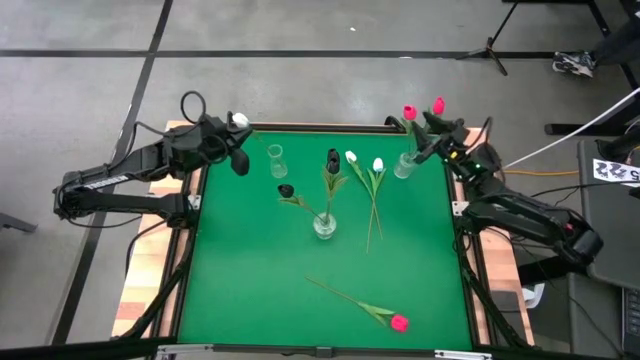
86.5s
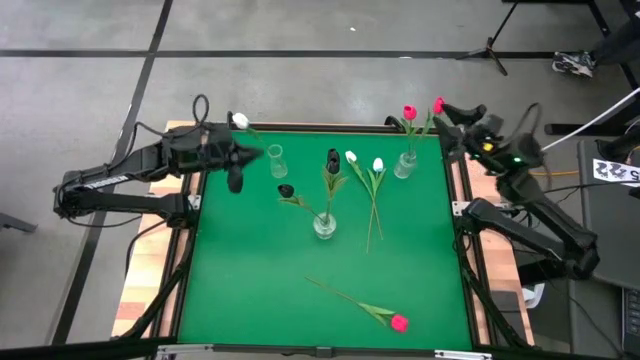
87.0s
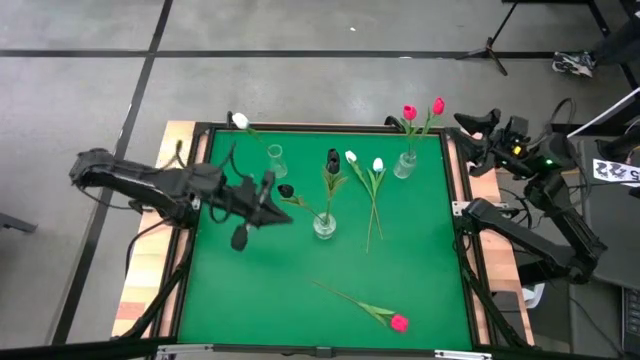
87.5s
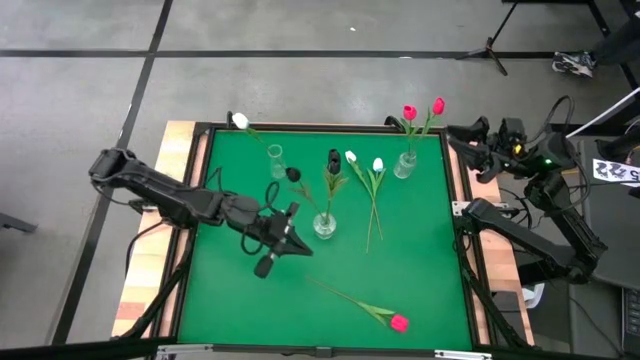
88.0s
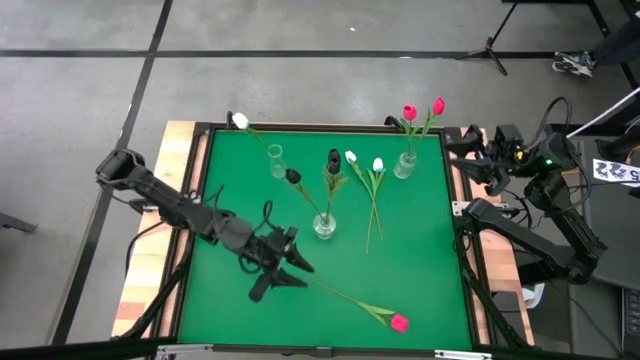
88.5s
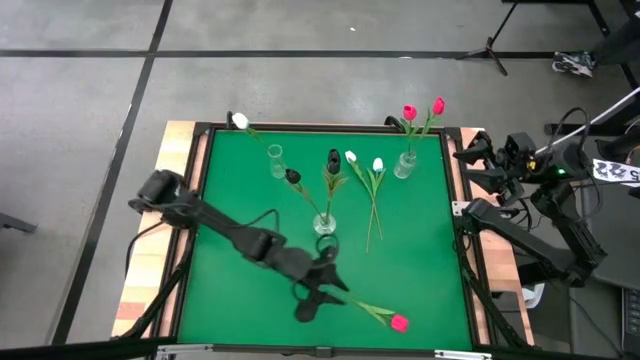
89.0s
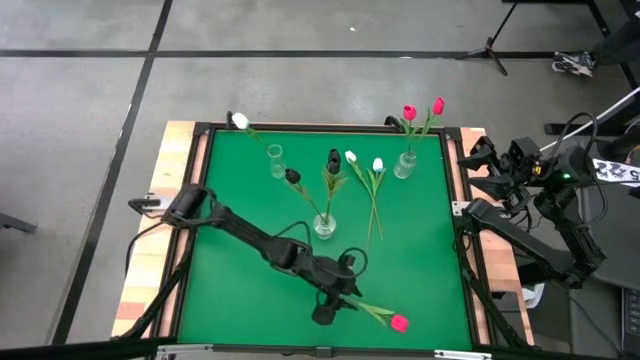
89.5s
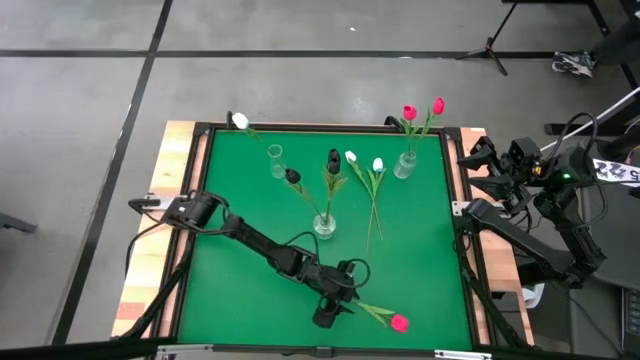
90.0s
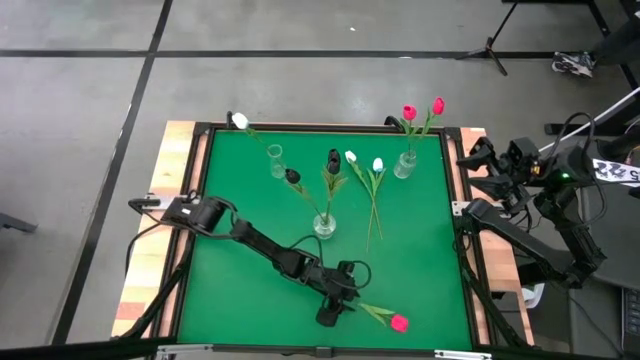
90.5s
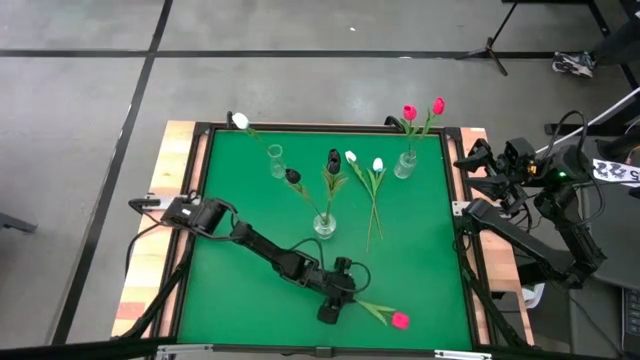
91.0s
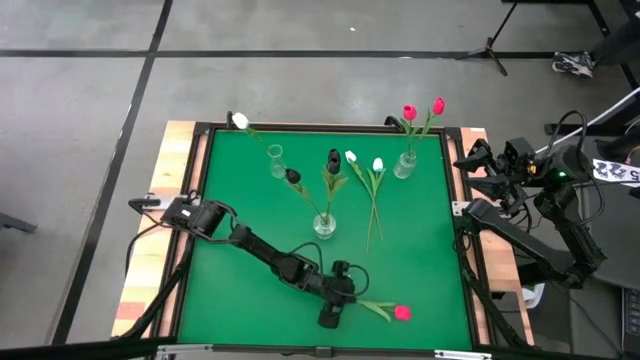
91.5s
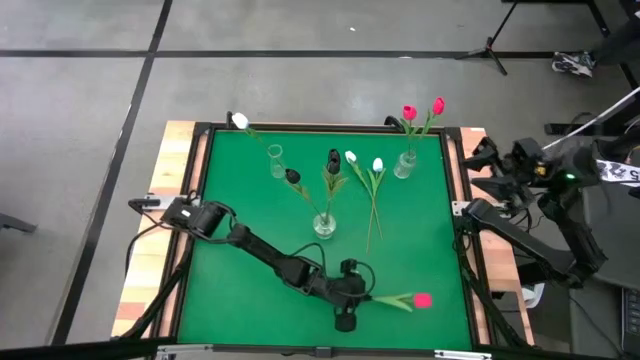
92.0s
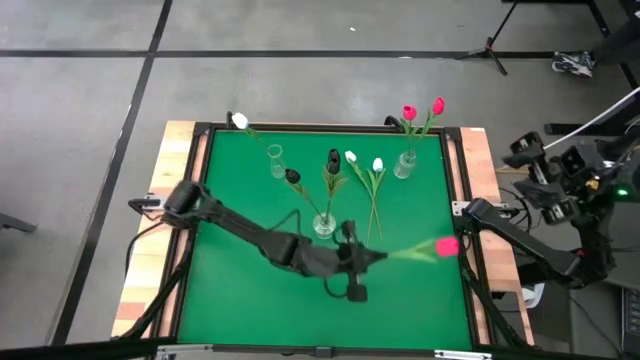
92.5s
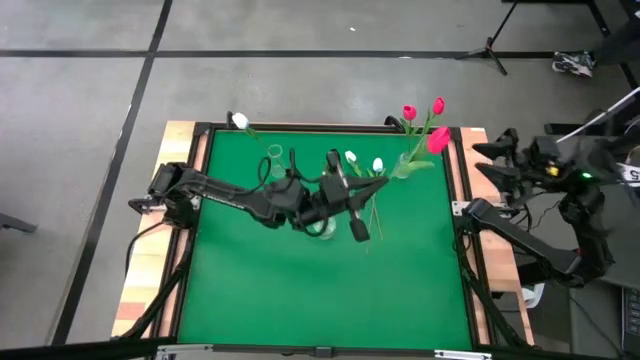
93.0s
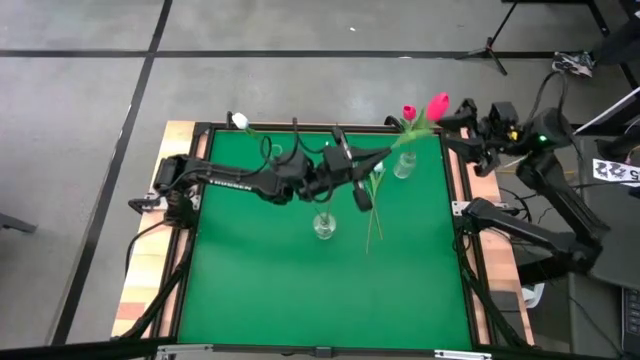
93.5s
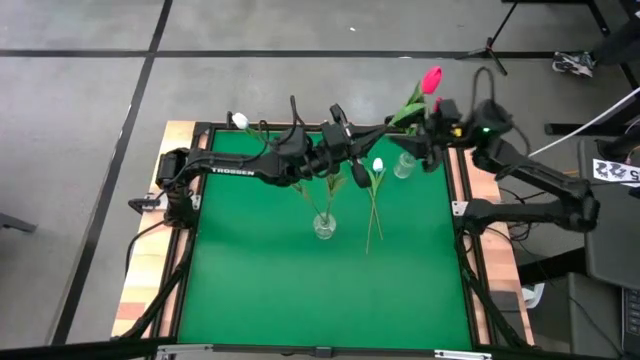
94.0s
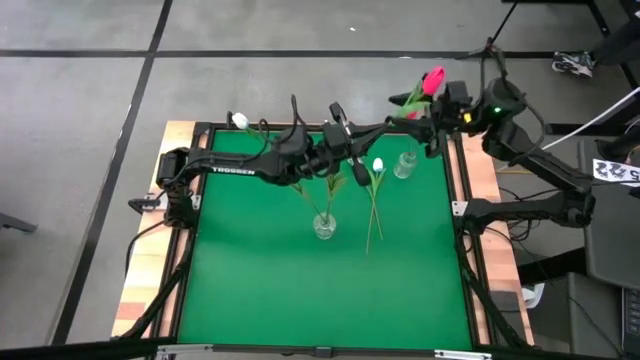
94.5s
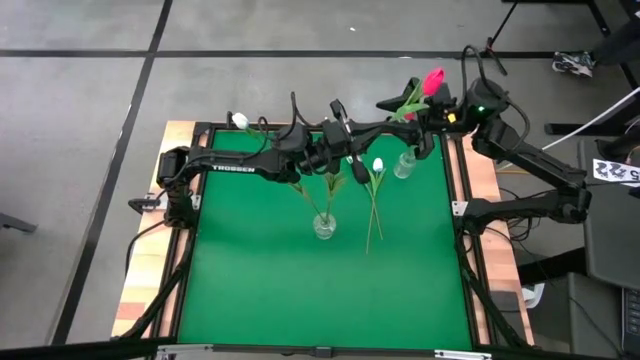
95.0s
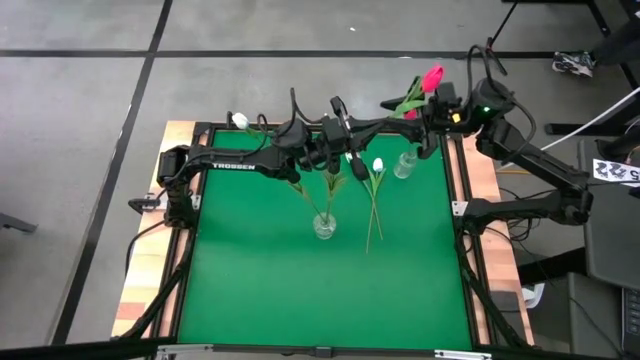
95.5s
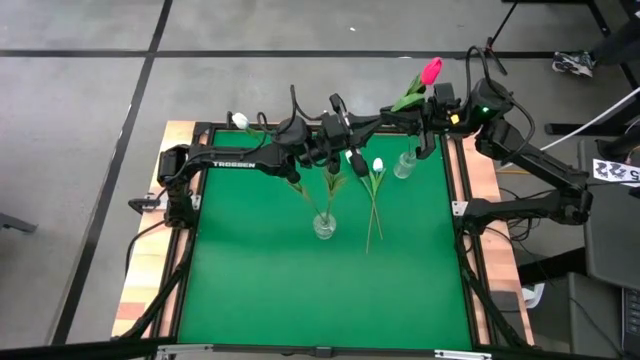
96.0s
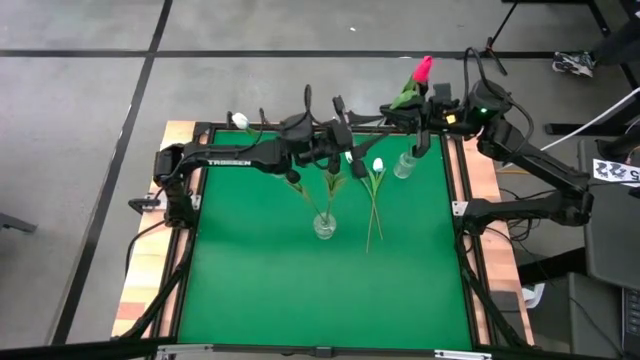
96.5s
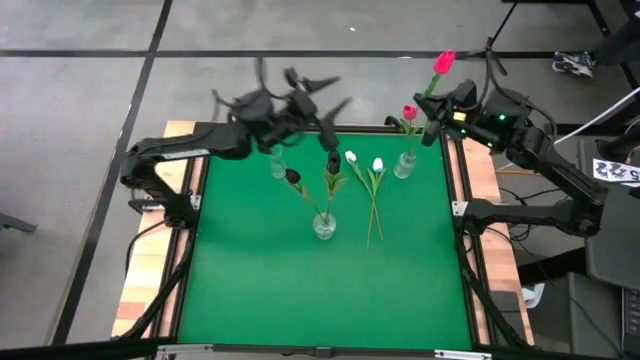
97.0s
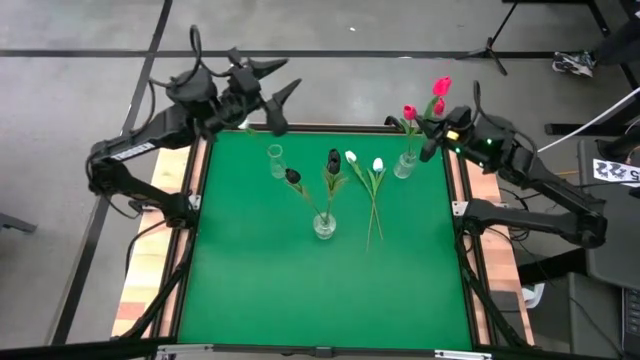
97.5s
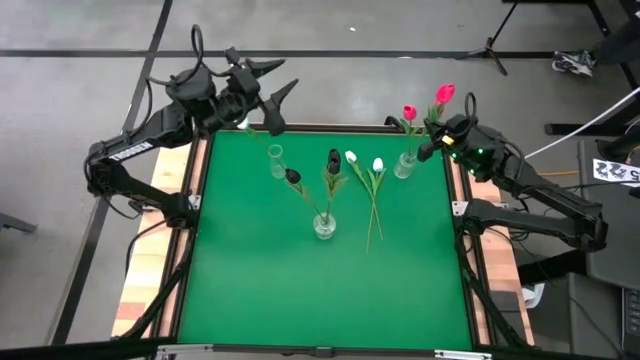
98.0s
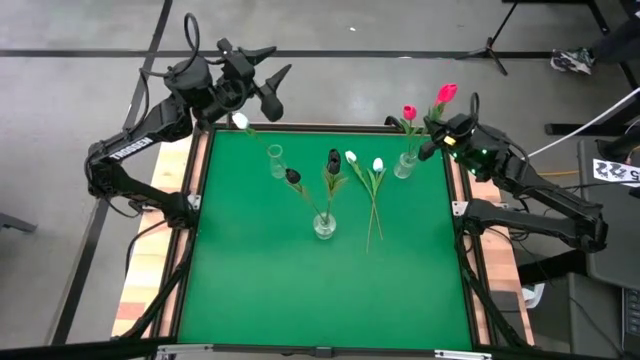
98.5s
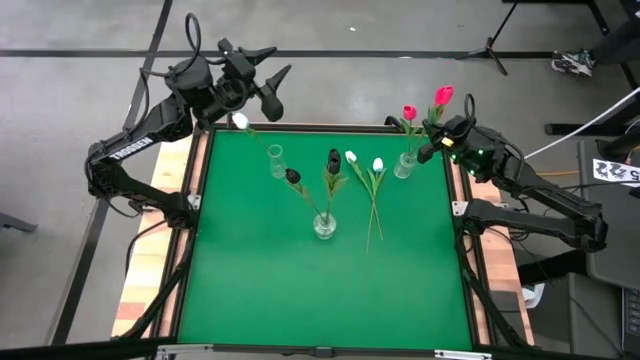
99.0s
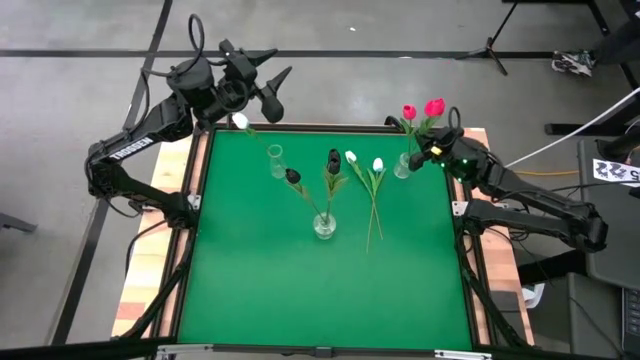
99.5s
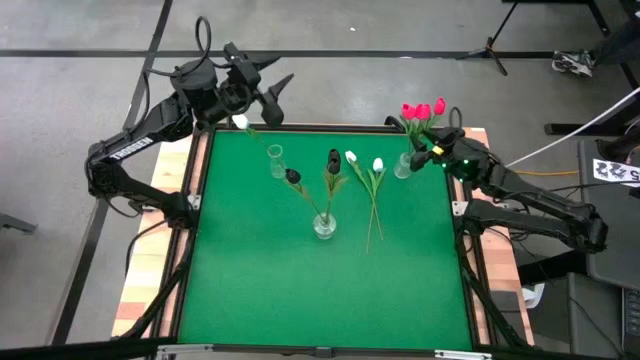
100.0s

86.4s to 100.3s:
Task: Sort flowers into vase by color
Put the pink tulip into the top right transparent vase

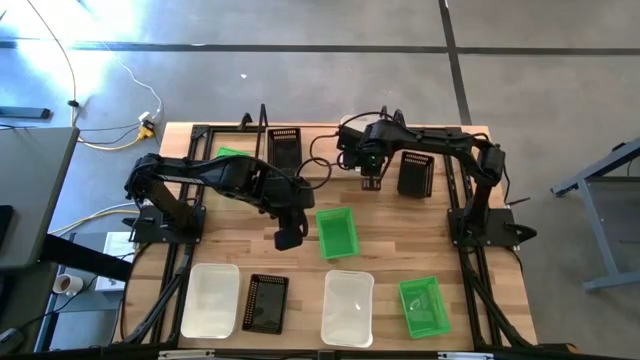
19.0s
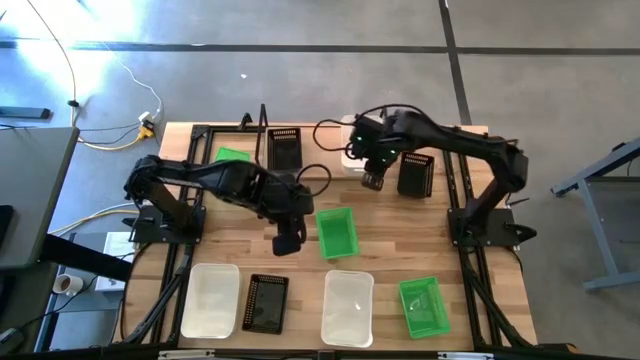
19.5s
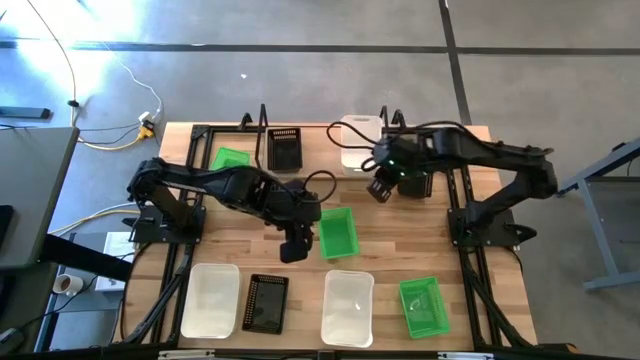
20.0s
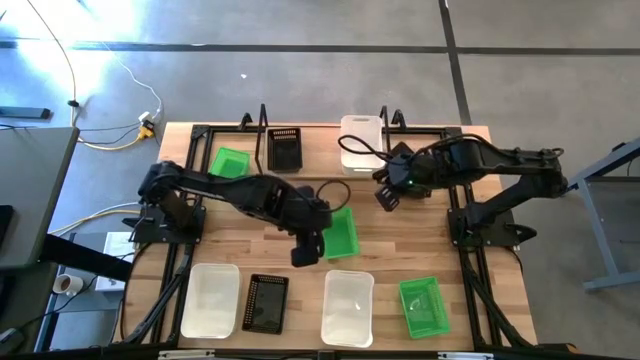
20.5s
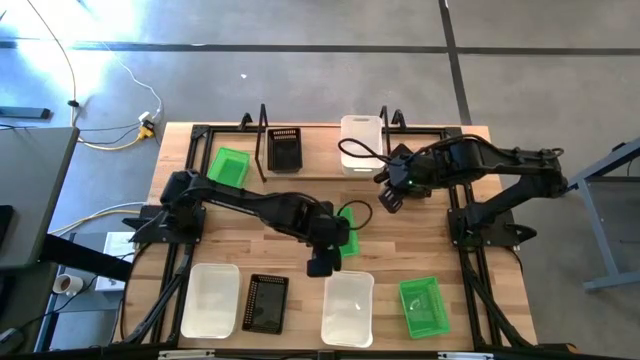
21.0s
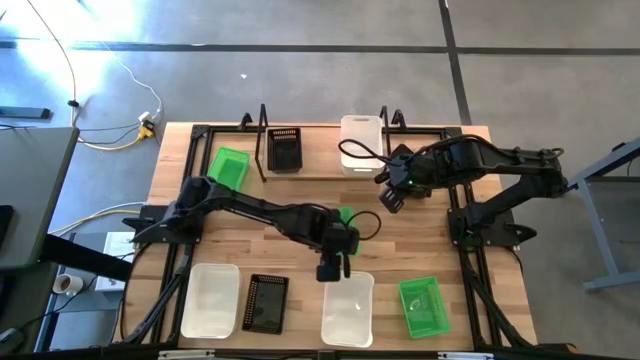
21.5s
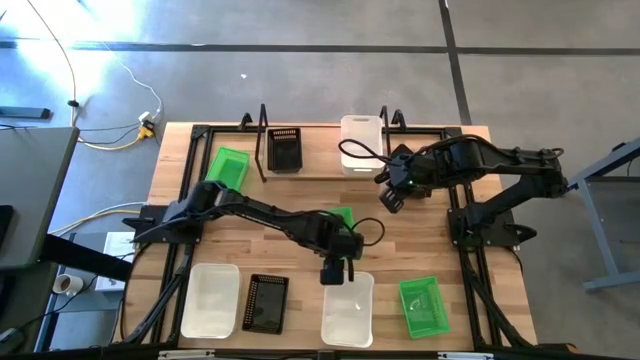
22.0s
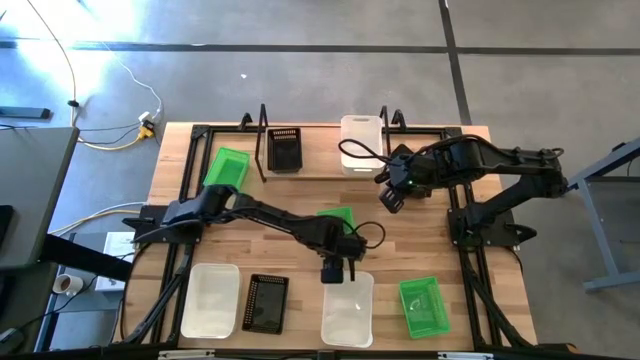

——————

• Assigned task: In your copy, include no pictures, but reproduce all records exactly.

• Task result:
86.5s
87.0s
87.5s
88.0s
88.5s
89.0s
89.5s
90.0s
90.5s
91.0s
91.5s
92.0s
92.5s
93.0s
93.5s
94.0s
94.5s
95.0s
95.5s
96.0s
96.5s
97.0s
97.5s
98.0s
98.5s
99.0s
99.5s
100.0s

86.4s to 100.3s:
Task: Sort flowers into vase by color
Put the pink tulip into the top right transparent vase

19.0s
19.5s
20.0s
20.5s
21.0s
21.5s
22.0s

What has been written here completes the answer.